Morphological differentiation of cytotrophoblasts cultured in Medium 199 and in keratinocyte growth medium

Abstract

In culture, cytotrophoblast cells differentiate biochemically as well as morphologically into syncytiotrophoblast-like structures. Morphological and biochemical differentiation can be affected by the composition of the culture medium. The aim of this study was to analyze the morphological differentiation (syncytium formation) of cytotrophoblasts cultured in Medium 199 (M199) and keratinocyte growth medium (KGM). Term human cytotrophoblast cells were cultured in either M199 or KGM with daily refreshment of the media. Both media induced biochemical differentiation, as monitored by measuring hCG secretion. Syncytium formation was visualized by immunocytochemical staining of desmosomes (cell membranes). Cytotrophoblasts rapidly formed aggregates; however, single cells were seen throughout culture. Though the aggregates developed into syncytia, approximately 15% of the nuclei were still found in cell aggregates at the end of the culture period (4 days). The final percentage of nuclei in syncytia (60–70%) did not differ between the culture media used. Syncytium formation occurred more rapidly in KGM medium. Approximately 50% of the nuclei were found in syncytia after 40 and 50 h in KGM and M199, respectively.
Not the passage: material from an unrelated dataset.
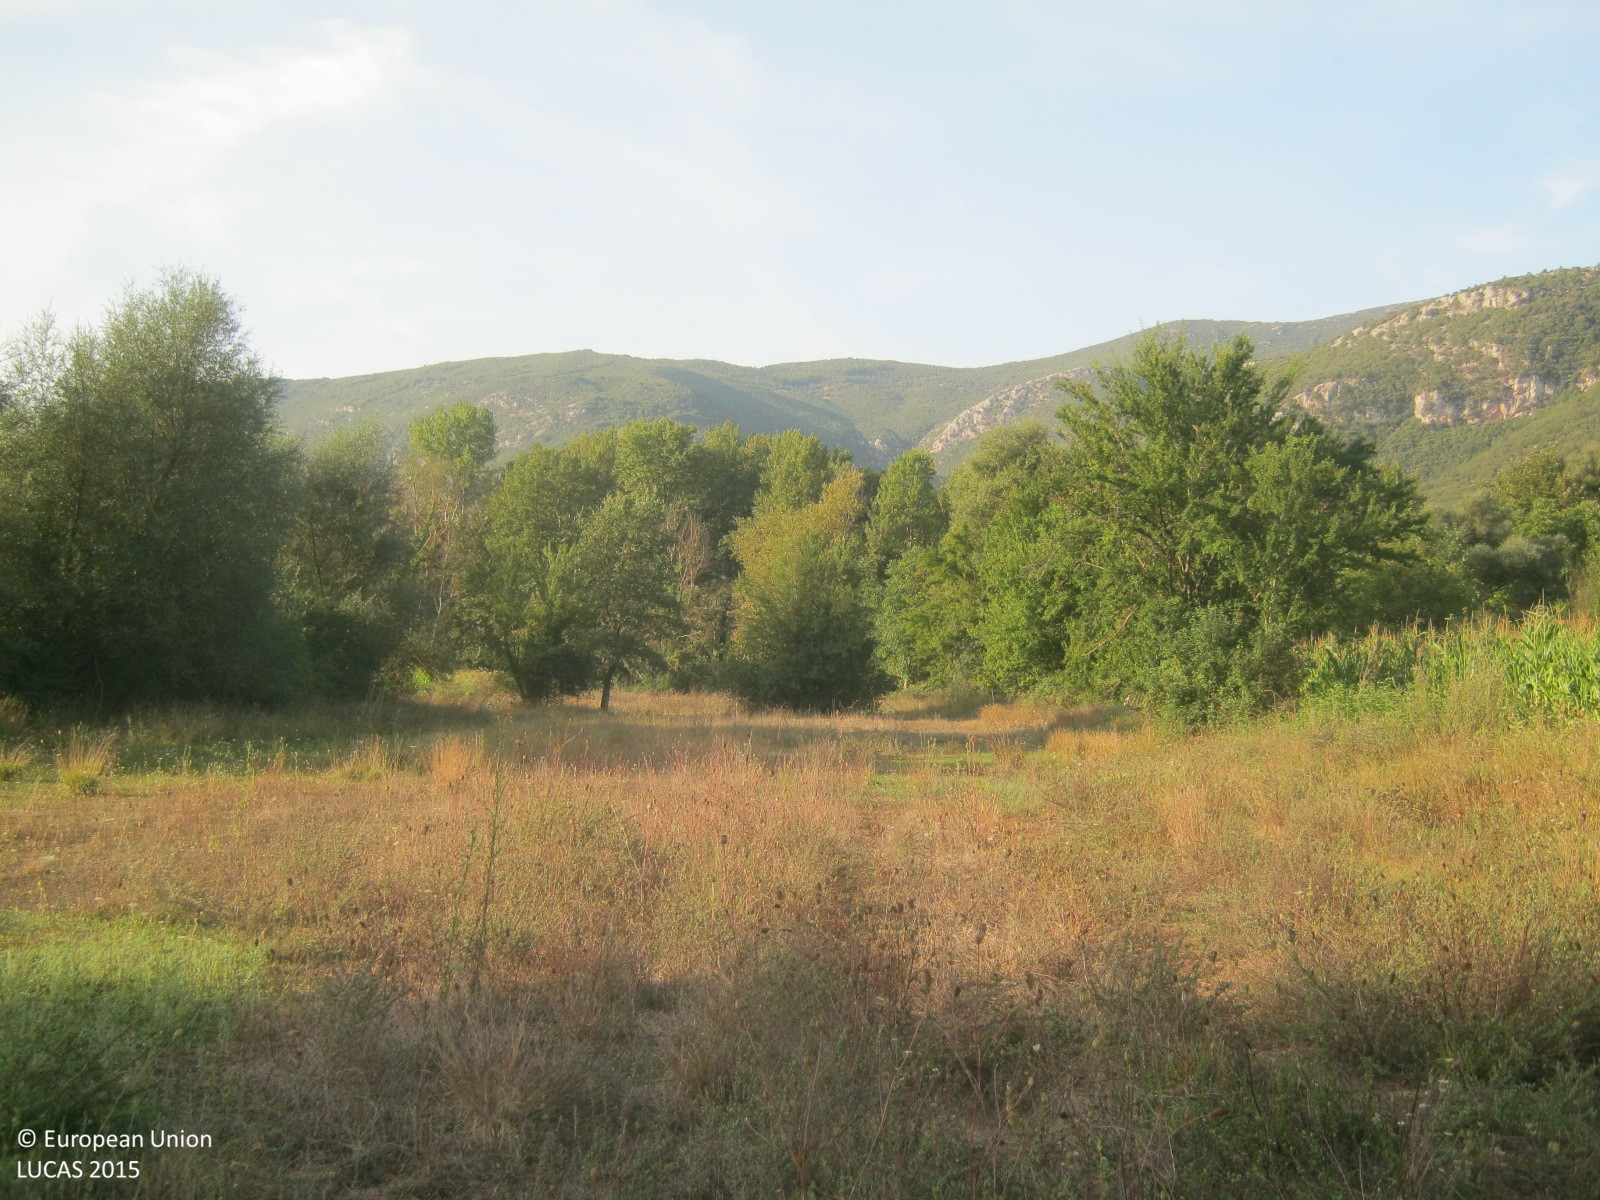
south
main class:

The number of nuclei per syncytium was slightly higher in M199, but the average surface area of the syncytia was larger in KGM cultured cells (162–132 mm2). These differences did not reach significance. We conclude that there is no major difference in morphological differentiation between cytotrophoblast cells in KGM or M199. Moreover, both media sustain equal rates of hCG secretion.